* EXERCISE BRIEF *
Find the string "gradientUnits" in the data, and copy out each line that has it.

====================

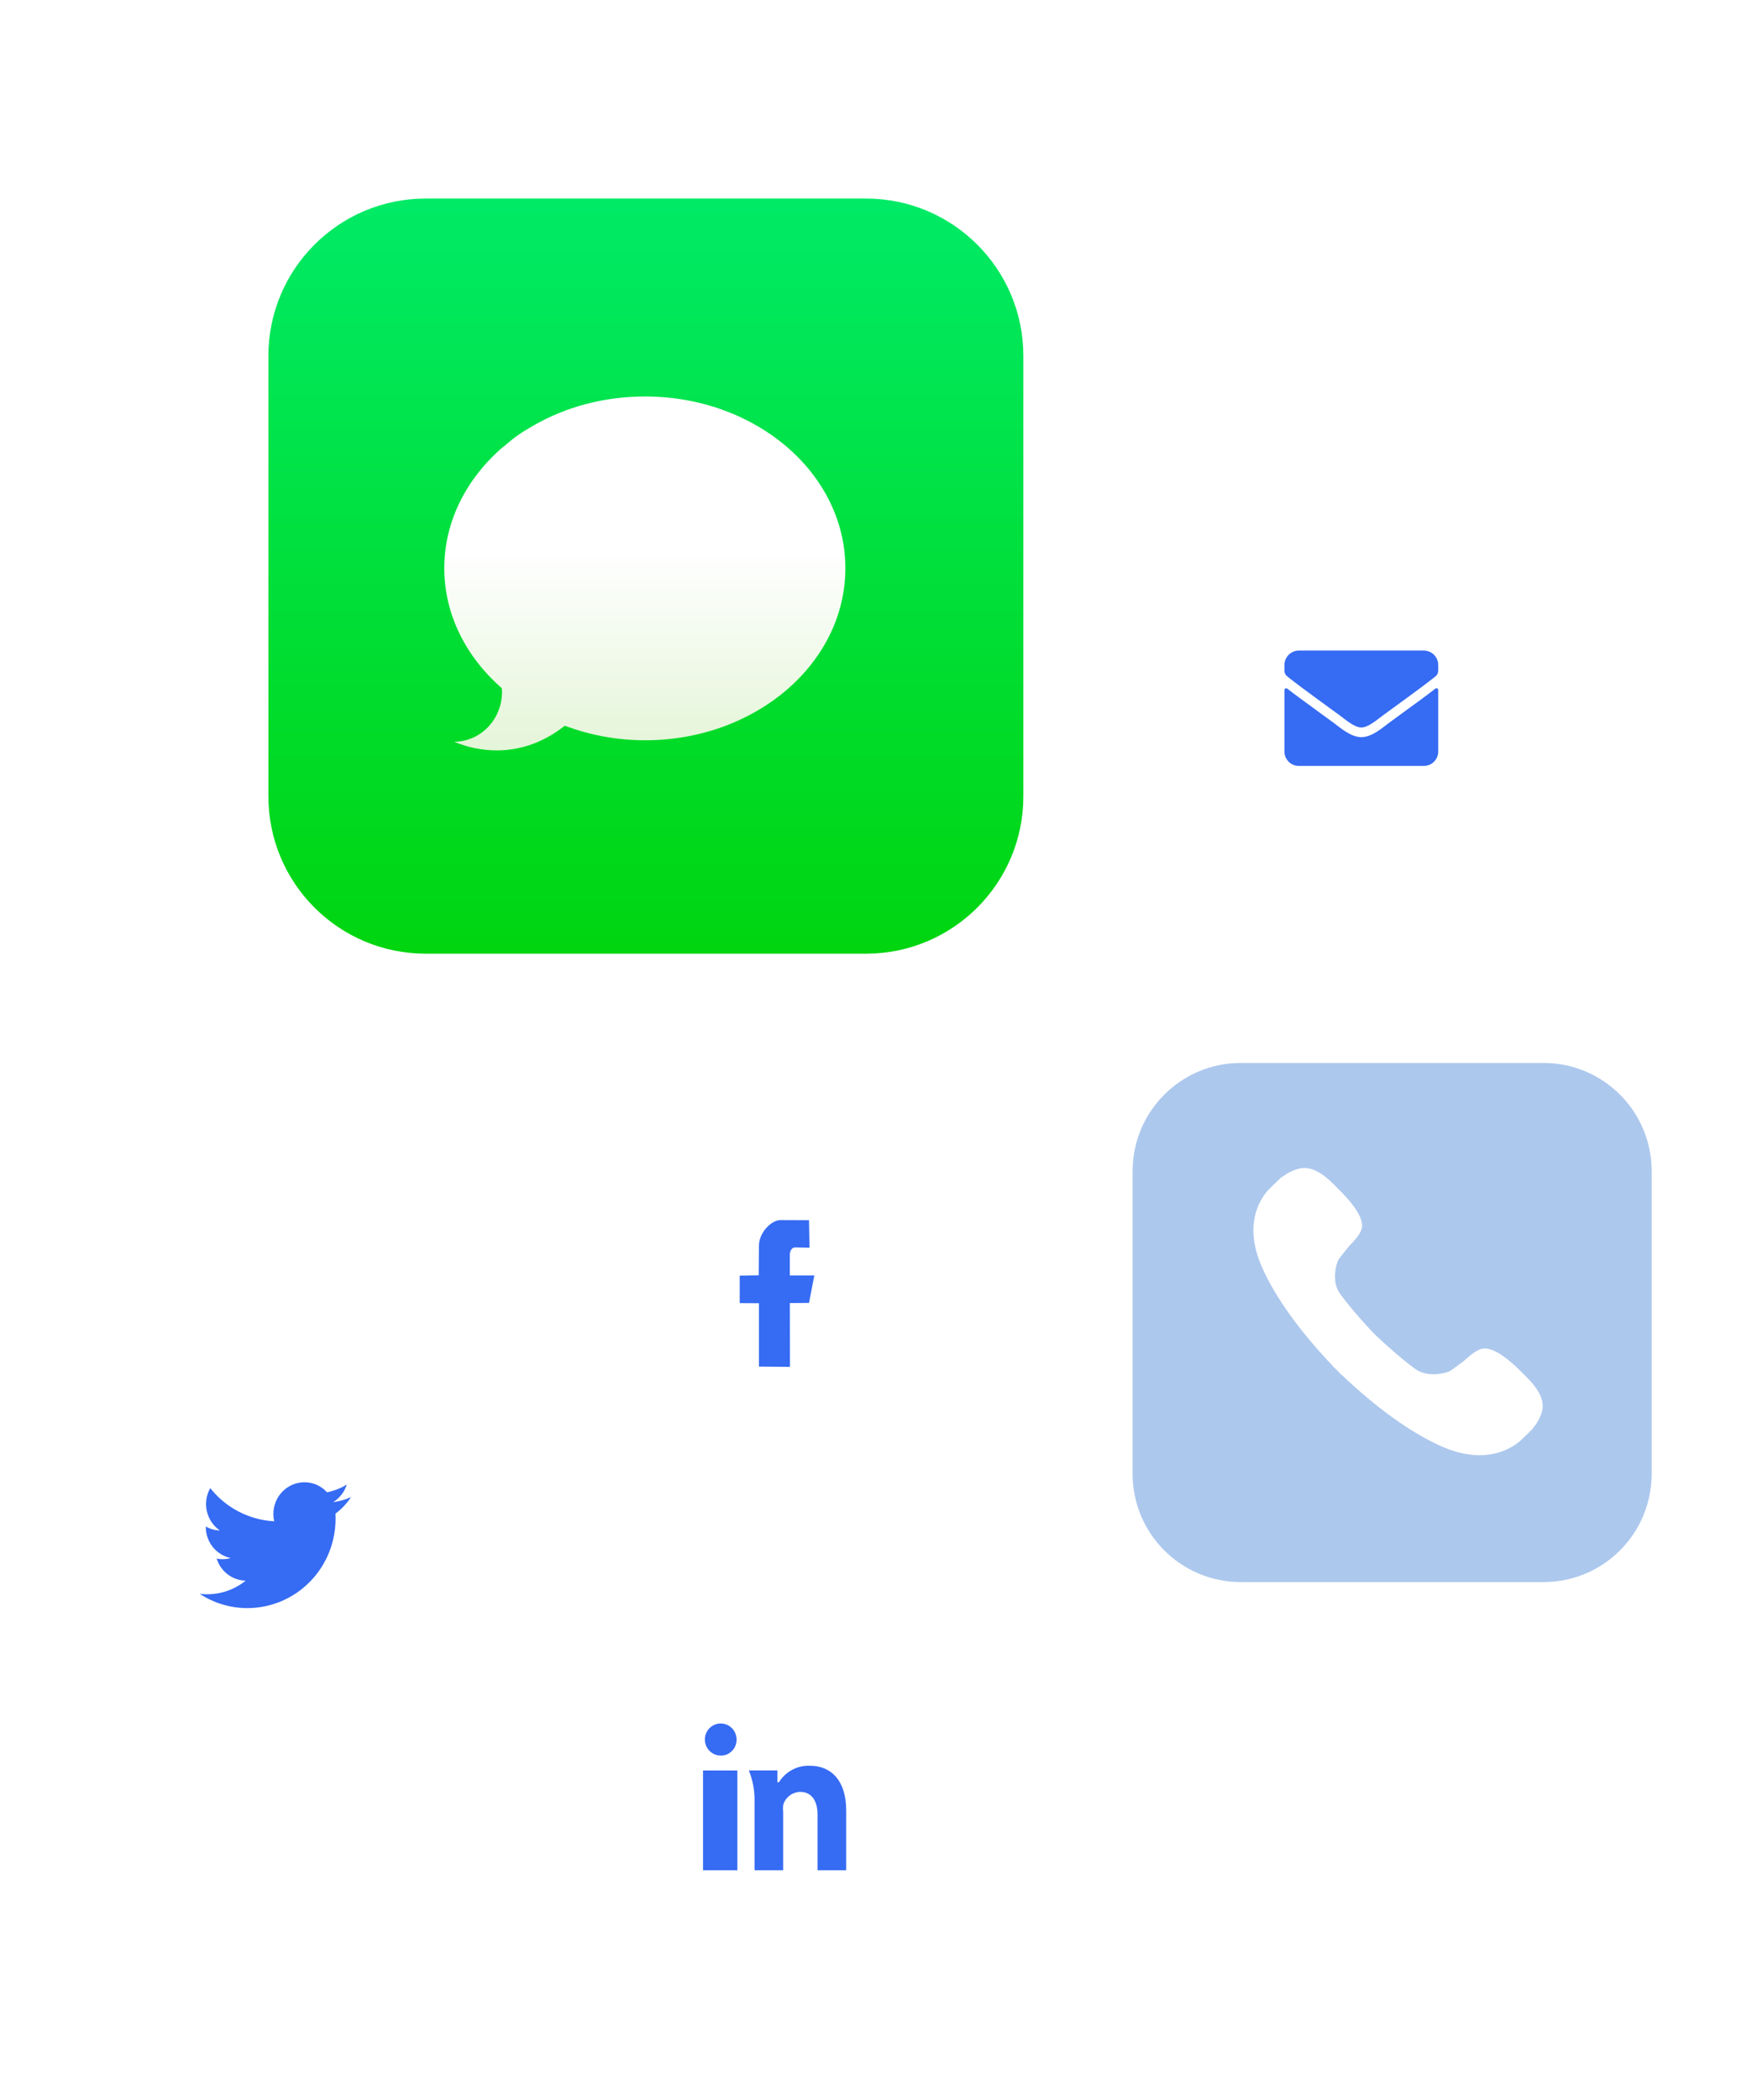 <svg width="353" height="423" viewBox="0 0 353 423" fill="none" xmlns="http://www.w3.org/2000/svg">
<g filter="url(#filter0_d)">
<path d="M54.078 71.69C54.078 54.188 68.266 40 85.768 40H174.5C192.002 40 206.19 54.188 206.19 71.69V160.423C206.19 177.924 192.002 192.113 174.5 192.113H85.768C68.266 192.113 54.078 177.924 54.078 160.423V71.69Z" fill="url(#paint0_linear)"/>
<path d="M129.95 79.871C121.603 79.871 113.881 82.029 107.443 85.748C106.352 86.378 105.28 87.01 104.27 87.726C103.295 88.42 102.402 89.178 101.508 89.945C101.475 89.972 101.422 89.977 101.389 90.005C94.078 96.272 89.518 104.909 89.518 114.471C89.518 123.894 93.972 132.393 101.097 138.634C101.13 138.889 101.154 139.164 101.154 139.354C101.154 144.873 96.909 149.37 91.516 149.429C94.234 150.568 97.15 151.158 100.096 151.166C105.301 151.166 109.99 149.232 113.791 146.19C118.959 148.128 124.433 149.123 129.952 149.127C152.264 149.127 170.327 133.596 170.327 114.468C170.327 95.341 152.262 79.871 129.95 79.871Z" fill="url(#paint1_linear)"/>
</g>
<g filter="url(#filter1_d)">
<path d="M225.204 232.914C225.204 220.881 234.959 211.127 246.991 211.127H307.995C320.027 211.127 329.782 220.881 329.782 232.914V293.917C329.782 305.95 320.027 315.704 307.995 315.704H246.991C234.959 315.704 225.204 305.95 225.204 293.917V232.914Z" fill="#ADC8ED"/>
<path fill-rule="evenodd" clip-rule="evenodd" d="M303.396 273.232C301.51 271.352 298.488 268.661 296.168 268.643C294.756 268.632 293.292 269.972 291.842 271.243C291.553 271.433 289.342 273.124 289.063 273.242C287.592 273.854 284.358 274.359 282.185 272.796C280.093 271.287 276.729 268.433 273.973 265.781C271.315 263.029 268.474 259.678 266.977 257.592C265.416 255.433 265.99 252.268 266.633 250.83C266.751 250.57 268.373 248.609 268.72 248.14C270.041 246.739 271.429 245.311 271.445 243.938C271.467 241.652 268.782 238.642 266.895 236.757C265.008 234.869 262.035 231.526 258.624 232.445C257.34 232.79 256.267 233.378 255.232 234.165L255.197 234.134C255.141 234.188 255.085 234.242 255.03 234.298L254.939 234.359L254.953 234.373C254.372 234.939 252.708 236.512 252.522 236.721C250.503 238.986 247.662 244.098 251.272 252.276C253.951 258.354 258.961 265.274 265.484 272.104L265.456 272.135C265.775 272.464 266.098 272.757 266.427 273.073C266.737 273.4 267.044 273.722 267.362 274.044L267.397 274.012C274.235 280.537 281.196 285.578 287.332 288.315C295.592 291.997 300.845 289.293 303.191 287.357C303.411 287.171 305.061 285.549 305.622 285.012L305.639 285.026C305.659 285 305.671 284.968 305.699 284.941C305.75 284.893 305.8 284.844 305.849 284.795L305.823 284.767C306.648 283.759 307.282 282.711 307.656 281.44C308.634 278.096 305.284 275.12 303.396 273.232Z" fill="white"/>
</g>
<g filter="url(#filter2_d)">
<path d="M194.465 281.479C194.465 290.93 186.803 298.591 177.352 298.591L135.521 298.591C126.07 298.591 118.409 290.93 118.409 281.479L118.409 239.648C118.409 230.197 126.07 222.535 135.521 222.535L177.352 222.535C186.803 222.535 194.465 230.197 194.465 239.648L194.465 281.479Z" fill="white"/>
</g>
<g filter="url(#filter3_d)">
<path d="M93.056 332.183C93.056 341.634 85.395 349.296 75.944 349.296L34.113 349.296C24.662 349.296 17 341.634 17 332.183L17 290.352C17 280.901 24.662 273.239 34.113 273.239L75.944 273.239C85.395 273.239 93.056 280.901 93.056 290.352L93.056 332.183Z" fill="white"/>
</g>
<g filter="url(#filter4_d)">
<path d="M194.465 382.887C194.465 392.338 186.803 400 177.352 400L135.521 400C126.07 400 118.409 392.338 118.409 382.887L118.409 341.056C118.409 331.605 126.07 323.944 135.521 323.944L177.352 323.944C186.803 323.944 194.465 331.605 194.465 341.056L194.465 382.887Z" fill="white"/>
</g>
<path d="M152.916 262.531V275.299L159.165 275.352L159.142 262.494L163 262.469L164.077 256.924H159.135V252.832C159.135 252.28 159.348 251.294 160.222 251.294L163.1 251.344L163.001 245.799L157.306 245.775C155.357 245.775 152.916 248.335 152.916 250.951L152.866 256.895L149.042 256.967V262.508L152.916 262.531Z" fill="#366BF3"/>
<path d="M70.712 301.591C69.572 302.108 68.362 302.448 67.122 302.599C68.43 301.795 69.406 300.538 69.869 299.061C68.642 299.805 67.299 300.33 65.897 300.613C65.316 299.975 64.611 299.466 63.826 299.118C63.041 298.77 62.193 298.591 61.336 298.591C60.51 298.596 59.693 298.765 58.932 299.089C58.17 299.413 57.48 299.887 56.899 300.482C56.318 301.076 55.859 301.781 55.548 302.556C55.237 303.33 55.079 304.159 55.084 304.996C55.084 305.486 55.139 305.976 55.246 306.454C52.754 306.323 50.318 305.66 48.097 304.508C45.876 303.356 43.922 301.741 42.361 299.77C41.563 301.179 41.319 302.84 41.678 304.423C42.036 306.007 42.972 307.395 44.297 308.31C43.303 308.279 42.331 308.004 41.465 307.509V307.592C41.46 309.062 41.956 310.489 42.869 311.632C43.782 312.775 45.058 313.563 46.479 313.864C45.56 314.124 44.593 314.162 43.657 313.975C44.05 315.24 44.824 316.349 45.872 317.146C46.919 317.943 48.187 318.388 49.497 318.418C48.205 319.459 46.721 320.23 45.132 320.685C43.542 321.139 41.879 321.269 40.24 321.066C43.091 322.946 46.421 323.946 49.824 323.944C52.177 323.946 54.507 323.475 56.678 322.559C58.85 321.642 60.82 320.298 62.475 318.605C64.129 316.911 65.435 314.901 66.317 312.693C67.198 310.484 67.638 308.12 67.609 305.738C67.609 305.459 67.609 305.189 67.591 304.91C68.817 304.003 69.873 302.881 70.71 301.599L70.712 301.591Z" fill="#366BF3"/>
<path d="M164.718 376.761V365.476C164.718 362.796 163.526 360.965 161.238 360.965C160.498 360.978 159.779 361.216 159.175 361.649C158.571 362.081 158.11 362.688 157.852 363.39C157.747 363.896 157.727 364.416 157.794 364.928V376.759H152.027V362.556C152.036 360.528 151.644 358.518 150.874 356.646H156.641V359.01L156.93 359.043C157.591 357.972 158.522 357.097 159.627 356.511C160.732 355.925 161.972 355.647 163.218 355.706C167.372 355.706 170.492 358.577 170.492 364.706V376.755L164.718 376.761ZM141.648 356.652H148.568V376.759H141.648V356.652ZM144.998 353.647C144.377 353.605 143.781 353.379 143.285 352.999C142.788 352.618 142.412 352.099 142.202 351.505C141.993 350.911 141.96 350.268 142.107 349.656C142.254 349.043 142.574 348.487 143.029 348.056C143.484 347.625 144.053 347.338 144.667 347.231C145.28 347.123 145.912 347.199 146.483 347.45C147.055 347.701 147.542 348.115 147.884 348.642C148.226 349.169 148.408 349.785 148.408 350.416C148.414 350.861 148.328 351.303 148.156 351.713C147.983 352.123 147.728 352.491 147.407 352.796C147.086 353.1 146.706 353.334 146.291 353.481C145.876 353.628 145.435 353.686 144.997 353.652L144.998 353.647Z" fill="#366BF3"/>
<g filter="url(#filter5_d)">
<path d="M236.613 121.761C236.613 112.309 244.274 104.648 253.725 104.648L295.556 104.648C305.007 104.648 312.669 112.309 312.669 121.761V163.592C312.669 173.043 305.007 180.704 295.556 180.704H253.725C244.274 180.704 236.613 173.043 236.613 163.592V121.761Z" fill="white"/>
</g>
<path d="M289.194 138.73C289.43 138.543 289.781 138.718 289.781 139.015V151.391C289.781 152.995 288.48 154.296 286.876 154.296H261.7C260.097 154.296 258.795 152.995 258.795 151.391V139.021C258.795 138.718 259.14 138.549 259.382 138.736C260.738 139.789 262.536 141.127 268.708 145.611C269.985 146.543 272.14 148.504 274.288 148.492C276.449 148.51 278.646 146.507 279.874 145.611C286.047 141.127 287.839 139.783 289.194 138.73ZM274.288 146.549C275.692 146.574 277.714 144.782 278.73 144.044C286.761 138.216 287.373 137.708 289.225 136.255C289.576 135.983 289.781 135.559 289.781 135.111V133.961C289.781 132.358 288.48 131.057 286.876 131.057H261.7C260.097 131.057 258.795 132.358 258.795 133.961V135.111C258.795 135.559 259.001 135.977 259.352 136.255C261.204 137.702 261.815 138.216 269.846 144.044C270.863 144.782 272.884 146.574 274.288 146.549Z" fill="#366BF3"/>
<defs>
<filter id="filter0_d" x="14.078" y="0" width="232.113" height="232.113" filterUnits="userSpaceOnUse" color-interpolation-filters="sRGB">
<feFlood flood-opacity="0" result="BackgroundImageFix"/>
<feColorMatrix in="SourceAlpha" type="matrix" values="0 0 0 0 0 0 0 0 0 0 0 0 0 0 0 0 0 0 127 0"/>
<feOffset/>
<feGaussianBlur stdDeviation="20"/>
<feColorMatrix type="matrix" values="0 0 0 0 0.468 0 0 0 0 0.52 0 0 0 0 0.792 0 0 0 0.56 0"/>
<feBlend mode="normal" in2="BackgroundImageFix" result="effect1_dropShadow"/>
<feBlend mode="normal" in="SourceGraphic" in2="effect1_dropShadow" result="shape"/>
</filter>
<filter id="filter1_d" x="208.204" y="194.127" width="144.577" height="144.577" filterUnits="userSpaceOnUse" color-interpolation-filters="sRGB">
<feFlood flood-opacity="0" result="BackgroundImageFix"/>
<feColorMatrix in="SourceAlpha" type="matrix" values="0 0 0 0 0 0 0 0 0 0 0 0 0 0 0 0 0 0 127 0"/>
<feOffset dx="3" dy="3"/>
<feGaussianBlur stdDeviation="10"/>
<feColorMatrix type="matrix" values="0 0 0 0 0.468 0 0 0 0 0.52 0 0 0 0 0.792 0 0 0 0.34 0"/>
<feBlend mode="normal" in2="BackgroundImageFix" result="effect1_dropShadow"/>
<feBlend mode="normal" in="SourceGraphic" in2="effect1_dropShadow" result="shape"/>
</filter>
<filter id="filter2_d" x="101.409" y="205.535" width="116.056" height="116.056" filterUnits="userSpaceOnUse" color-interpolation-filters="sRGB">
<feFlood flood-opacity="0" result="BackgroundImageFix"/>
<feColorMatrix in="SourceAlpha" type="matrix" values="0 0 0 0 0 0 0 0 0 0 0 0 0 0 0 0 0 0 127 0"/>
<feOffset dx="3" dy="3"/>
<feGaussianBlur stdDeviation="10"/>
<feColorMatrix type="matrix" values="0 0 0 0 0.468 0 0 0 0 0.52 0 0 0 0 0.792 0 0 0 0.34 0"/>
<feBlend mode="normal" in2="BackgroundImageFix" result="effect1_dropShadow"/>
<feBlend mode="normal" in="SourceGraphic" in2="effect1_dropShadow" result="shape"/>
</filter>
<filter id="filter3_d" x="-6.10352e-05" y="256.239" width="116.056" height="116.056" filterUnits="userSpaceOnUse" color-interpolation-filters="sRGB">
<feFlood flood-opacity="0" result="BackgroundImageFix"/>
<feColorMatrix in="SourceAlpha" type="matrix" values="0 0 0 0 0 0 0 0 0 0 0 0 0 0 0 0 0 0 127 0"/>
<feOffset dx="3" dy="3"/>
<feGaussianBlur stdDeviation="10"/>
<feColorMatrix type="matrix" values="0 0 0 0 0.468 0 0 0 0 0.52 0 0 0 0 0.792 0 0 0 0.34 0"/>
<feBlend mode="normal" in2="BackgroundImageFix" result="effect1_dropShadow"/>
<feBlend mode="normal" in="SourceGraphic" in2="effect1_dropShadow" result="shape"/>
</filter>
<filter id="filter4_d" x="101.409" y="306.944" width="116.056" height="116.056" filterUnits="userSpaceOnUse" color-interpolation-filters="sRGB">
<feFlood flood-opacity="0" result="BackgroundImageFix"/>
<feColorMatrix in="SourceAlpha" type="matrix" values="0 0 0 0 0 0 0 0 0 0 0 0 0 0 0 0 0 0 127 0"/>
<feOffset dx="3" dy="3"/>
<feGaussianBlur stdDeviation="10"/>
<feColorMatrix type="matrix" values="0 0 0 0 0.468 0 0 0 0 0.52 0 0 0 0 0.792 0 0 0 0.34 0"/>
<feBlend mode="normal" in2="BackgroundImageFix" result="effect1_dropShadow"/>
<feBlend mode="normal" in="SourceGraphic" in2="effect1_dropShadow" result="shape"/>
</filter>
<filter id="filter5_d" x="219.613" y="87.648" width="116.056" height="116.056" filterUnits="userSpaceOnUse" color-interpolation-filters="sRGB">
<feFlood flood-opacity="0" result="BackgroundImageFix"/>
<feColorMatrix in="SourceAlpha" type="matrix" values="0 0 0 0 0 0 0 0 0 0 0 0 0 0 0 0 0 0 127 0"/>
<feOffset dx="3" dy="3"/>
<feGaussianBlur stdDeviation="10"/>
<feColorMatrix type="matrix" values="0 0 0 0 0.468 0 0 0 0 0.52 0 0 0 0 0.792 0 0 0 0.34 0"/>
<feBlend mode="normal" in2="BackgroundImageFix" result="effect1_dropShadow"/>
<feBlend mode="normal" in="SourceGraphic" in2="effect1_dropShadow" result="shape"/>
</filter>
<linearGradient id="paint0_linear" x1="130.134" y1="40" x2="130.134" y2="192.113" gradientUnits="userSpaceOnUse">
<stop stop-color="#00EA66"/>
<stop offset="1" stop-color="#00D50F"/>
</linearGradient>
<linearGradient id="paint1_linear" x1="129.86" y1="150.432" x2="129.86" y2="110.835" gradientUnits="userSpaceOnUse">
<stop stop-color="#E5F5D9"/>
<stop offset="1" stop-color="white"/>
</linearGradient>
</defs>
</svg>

====================

* EXERCISE RESPONSE *
<linearGradient id="paint0_linear" x1="130.134" y1="40" x2="130.134" y2="192.113" gradientUnits="userSpaceOnUse">
<linearGradient id="paint1_linear" x1="129.86" y1="150.432" x2="129.86" y2="110.835" gradientUnits="userSpaceOnUse">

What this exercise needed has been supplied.